The task -
Leave out all pictures and retype exactly the lines from the one with "Transcription: schoolhouse at 157 Hurlbutt" through the last line of the material.

Data -
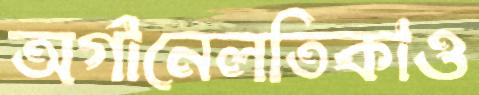
অর্গানেলতিকাও
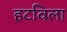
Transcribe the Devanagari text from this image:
हटविला
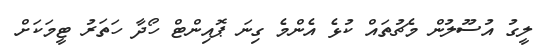
ލީގު އުސޫލުން މެޗުތައް ކުޅެ އެންމެ ގިނަ ޕޮއިންޓް ހޯދާ ހަތަރު ޓީމަކަށް
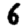
Digit: 6
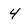
Character: 4
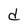
Character: d
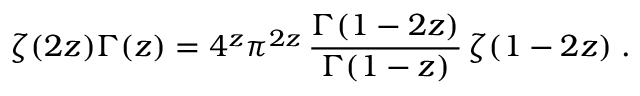
\zeta ( 2 z ) \Gamma ( z ) = 4 ^ { z } \pi ^ { 2 z } \, \frac { \Gamma ( 1 - 2 z ) } { \Gamma ( 1 - z ) } \, \zeta ( 1 - 2 z ) \; .
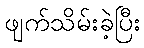
ဖျက်သိမ်းခဲ့ပြီး
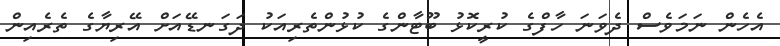
އެހެން ނަމަވެސް ދެވަނަ ހާފްގެ ކުރީކޮޅު ބޫޓާންގެ ކުޅުންތެރިއަކު ދަގަނޑޭއަށް އޭރިޔާގެ ތެރެއިން
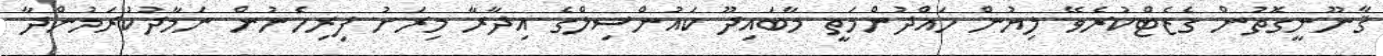
ޤާނޫނީގޮތުން ގެޒެޓްކުރެވޭ ލިޔުން ހައްދުންމަތީ މާބައިދޫ ކައުންސިލްގެ އިދާރާ މިރަށު ފިރިހެނުން ނަމާދުކުރަމުންދާ
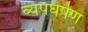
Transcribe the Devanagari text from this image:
व्यपघर्षण
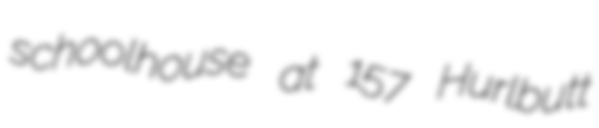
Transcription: schoolhouse at 157 Hurlbutt
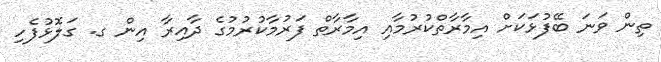
ތިން ވަނަ ބޭފުޅަކަށް އިމާރާތްކުރުމާއި އިމާރާތް ފަރުމާކުރުމުގެ ދާއިރާ އިން ގ. ގަލޮޅުފެހި
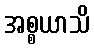
အစ္စယာသိ
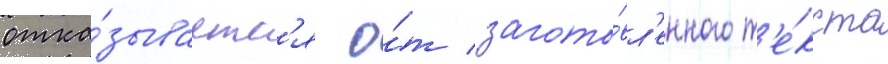
отка́зываетс'я о́т загото́вл'енного т'е́кста
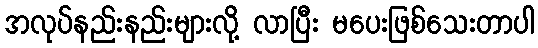
အလုပ်နည်းနည်းများလို့ လာပြီး မပေးဖြစ်သေးတာပါ
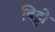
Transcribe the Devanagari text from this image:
बिट्टो
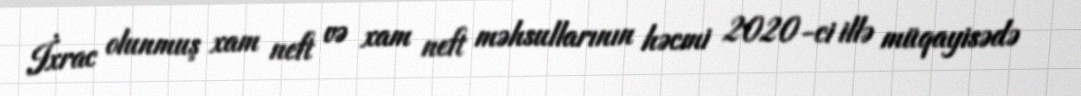
İxrac olunmuş xam neft və xam neft məhsullarının həcmi 2020-ci illə müqayisədə

Answer section -
Transcription: schoolhouse at 157 Hurlbutt
ތިން ވަނަ ބޭފުޅަކަށް އިމާރާތްކުރުމާއި އިމާރާތް ފަރުމާކުރުމުގެ ދާއިރާ އިން ގ. ގަލޮޅުފެހި
အစ္စယာသိ
отка́зываетс'я о́т загото́вл'енного т'е́кста
အလုပ်နည်းနည်းများလို့ လာပြီး မပေးဖြစ်သေးတာပါ
Transcribe the Devanagari text from this image:
बिट्टो
İxrac olunmuş xam neft və xam neft məhsullarının həcmi 2020-ci illə müqayisədə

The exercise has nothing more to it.